1. Türkiye-IKBY ilişkilerinin, Türk dış politikasına etkisi,
2. IKBY’de siyasi durum ve hükümet kurma çalışmaları,
3. IKBY-Irak merkezi hükümeti arasındaki ilişkiler kapsamında değerlendirilecektir.
 
Türkiye-IKBY İlişkileri ve Türk Dış Politikası
Türkiye’nin IKBY ile ilişkileri, Türkiye’nin Irak politikasında olduğu kadar Türkiye-ABD ilişkileri ve son dönemde Türkiye’nin Suriye politikası ve Suriye Kürt politikasında etki yaratmaktadır.

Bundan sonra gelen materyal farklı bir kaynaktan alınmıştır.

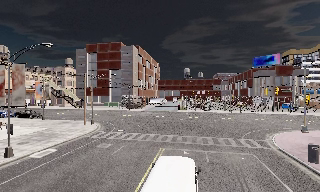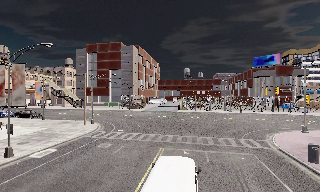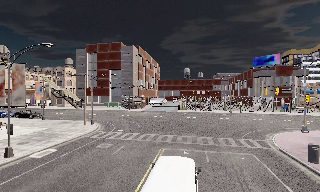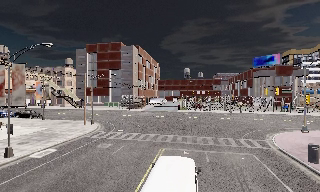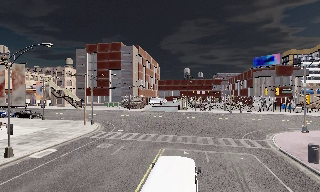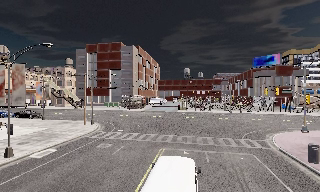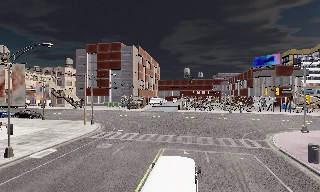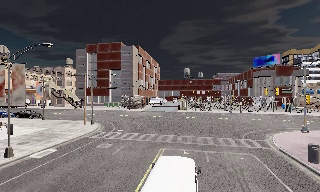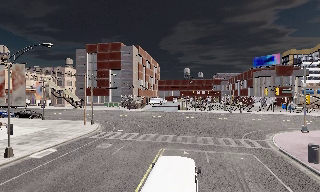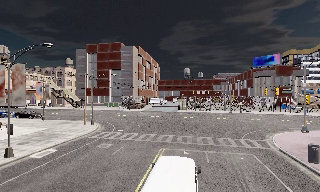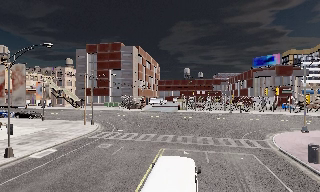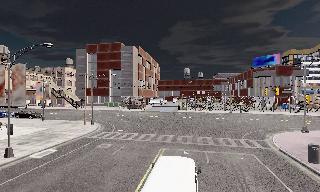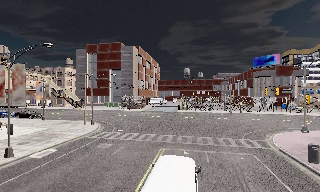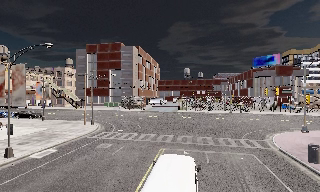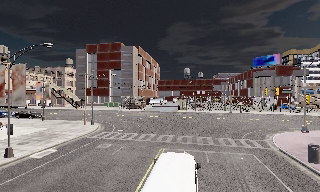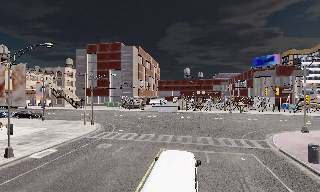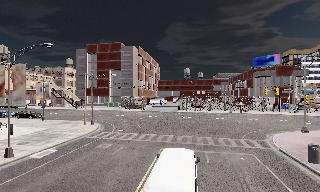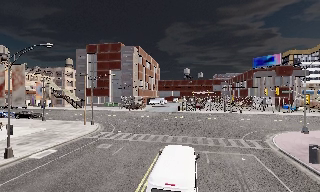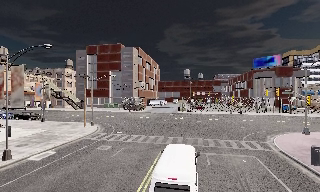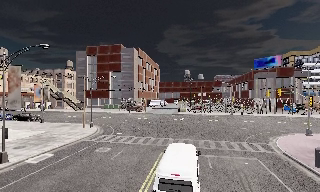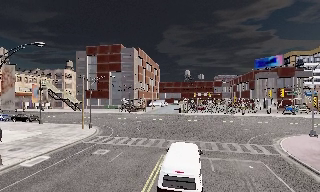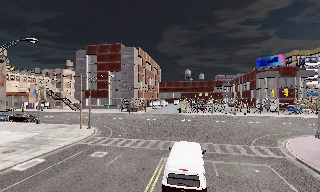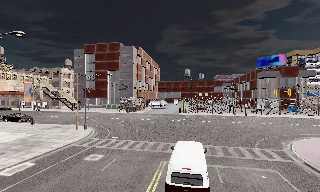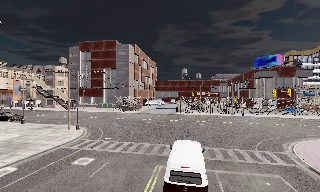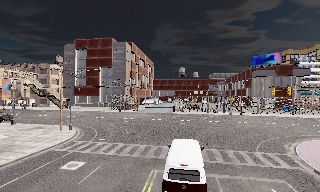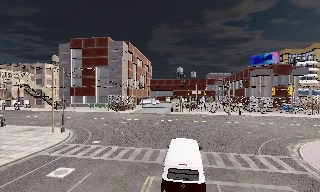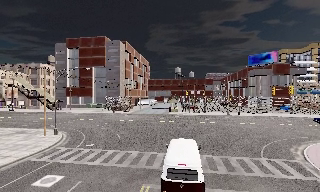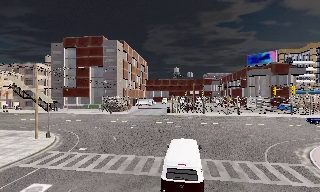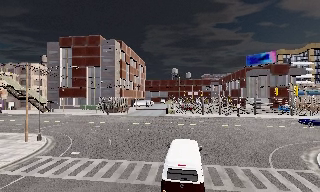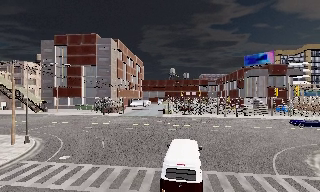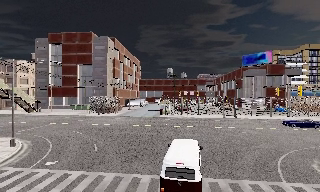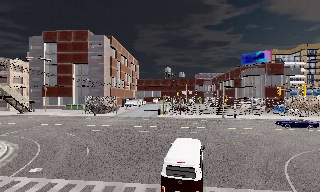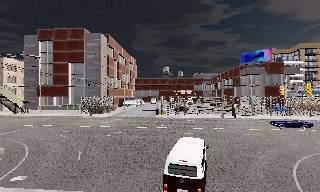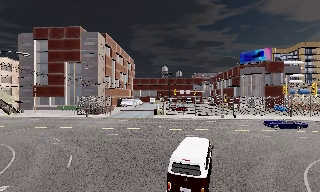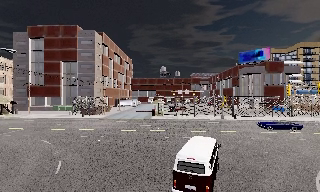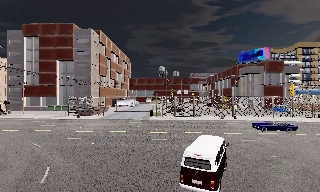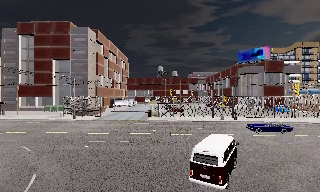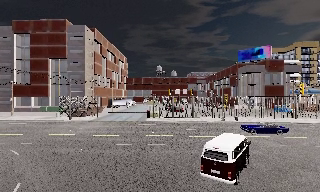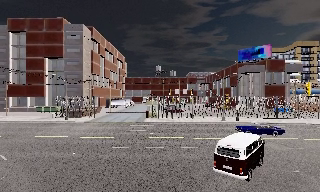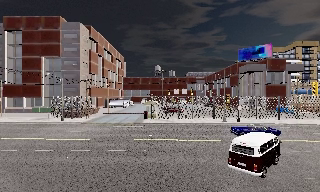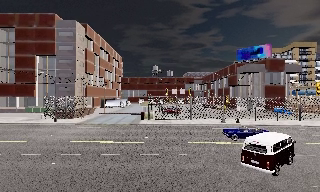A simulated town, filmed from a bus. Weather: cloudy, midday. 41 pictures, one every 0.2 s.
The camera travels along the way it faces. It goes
forward.
0.0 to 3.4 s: The camera keeps its place and its aim.
3.4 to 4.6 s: The camera travels forward, about 3 m, so what stands in front looms larger. It gains speed.
4.6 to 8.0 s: The camera swings to its right by about 10 degrees, and the scene slides to the left. It travels forward, about 15 m, so what stands in front looms larger.
The film runs forward here.
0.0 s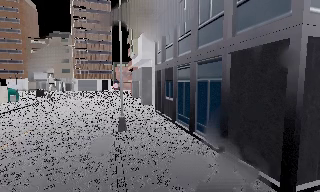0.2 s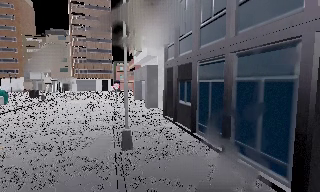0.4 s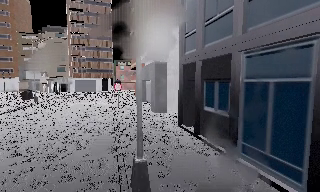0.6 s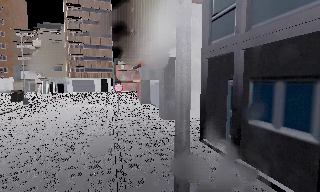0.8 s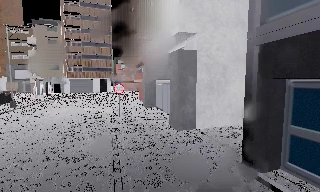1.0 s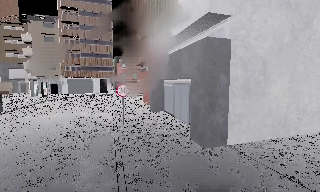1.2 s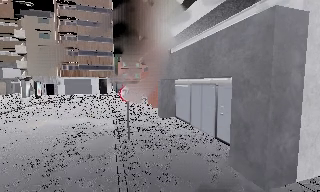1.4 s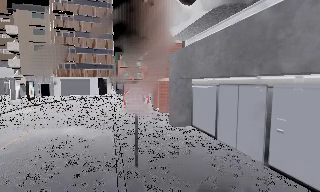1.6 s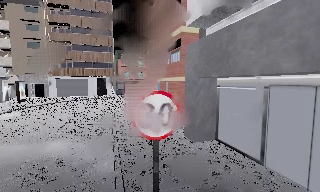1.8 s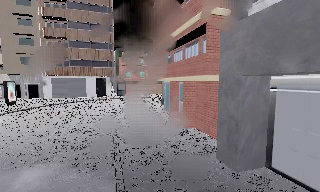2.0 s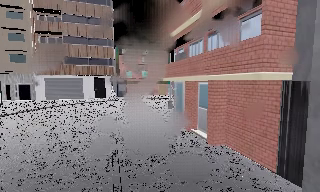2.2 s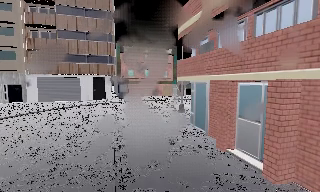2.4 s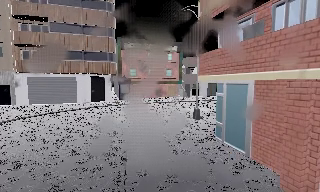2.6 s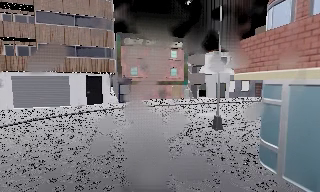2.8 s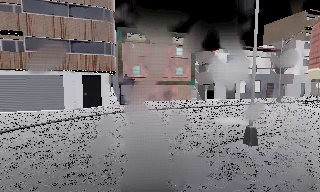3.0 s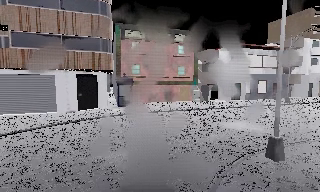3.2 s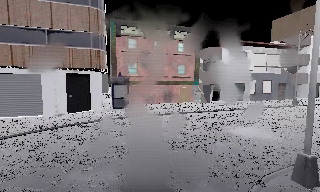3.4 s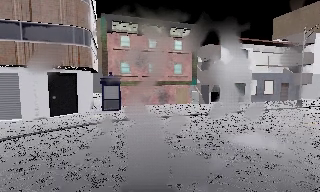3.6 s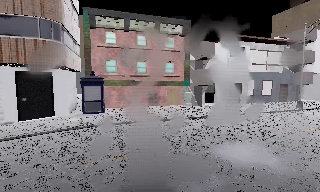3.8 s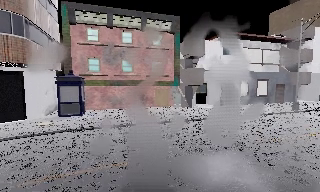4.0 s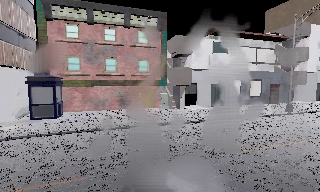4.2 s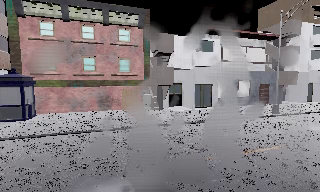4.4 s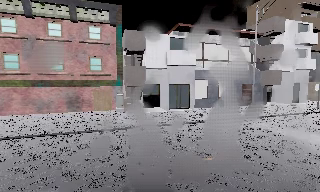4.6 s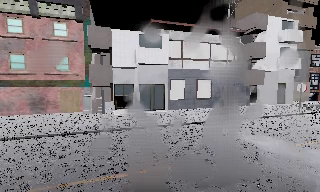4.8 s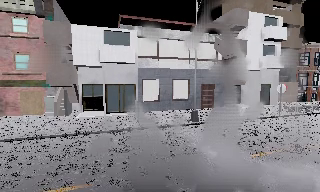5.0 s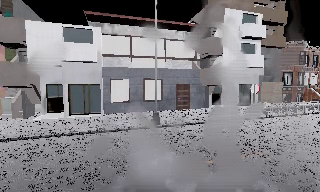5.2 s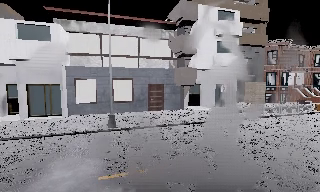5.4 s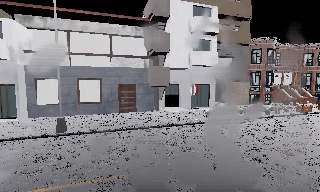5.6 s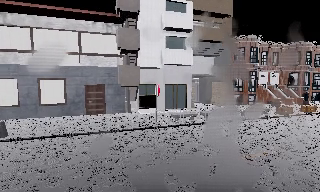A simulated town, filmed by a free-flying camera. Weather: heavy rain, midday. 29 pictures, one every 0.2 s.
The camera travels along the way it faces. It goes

Türkiye’nin IKBY ile 2009’dan sonra geliştirdiği ilişkilere paralel olarak Irak merkezi hükümeti ile Türkiye arasında gerilen ilişkilerde henüz net bir düzelme yaşandığını söylemek mümkün değildir. Türkiye’nin özellikle enerji konusunda geliştirdiği yakın ilişki nedeniyle Irak merkezi hükümeti ile gerginlik devam etmektedir. Ancak 2013’ün yaz aylarında hem Irak’ta Türkiye’ye hem de Türkiye’den Irak’a yapılan ziyaretlerle Türkiye ile Irak merkezi hükümeti arasındaki ilişkilerde bir yumuşama belirtisi gözlemlenmiştir. Buna rağmen IKBY’nin Türkiye’ye petrol sevkiyatına başlaması Türkiye ile Irak merkezi hükümeti arasındaki ilişkilerin daha da ileriye gitmesinin önüne geçmektedir. Bu noktada Türkiye’nin rasyonel bir tavır sergileyerek Bağdat’ın inisiyatifini de dikkate alıyor olması önemlidir. Bu açıdan Türkiye’nin daha dengeli bir politika izlediğini söylemek mümkündür. Türkiye’nin IKBY ile geliştirdiği ilişkiler Türkiye-ABD ilişkileri açısından da bir faktör olarak ön plana çıkmaktadır. Bilindiği gibi Türkiye ile IKBY arasındaki enerji ilişkisi nedeniyle ABD tepki göstermiş ve IKBY’yi Bağdat’ın onayı olmadan petrol satmaması konusunda uyarmıştır. Bu nedenle Türkiye’nin Bağdat’ın inisiyatifi dikkate alarak hareket etmesi Türkiye-ABD ilişkilerinin olumsuz yönde etkilenmemesini sağlayacak bir adım olarak değerlendirilebilir. Öte yandan Türkiye ve IKBY arasındaki ilişkiler özellikle Suriye Kürtlerine yönelik politikayı etkilemektedir. IKBY içerisinde Suriye Kürtlerine yönelik bütüncül bir yaklaşım olmamasına rağmen IKBY’nin yönetim gücünü elinde bulunduran KDP’nin özellikle PYD’ye karşı sergilediği tavır, Türkiye’nin Suriye Kürtleri’ne yönelik politikasıyla örtüşmektedir. Bu açıdan Türkiye’nin IKBY ile geliştirdiği ilişkilerde KDP’nin IKBY’deki iktidarını koruması doğrultusunda Suriye politikasının aynı yönde devam edeceğini söylemek mümkündür. Bu durumda Suriye’de PYD’nin kontrol ettiği alanlarda özerklik ilanı akıllara gelmektedir. Neçirvan Barzani’nin de içerisinde yer aldığı KDP, PYD’nin özerklik ilanını tanımadığını açıklamıştır. Türkiye de Suriye’nin kuzeyindeki PYD’nin bu politikalarından rahatsız görünmektedir. Bu nedenle ziyaretin KDP ve Türkiye arasındaki görüş birliğinin vurgulanması açısından önem taşıdığı söylenebilir.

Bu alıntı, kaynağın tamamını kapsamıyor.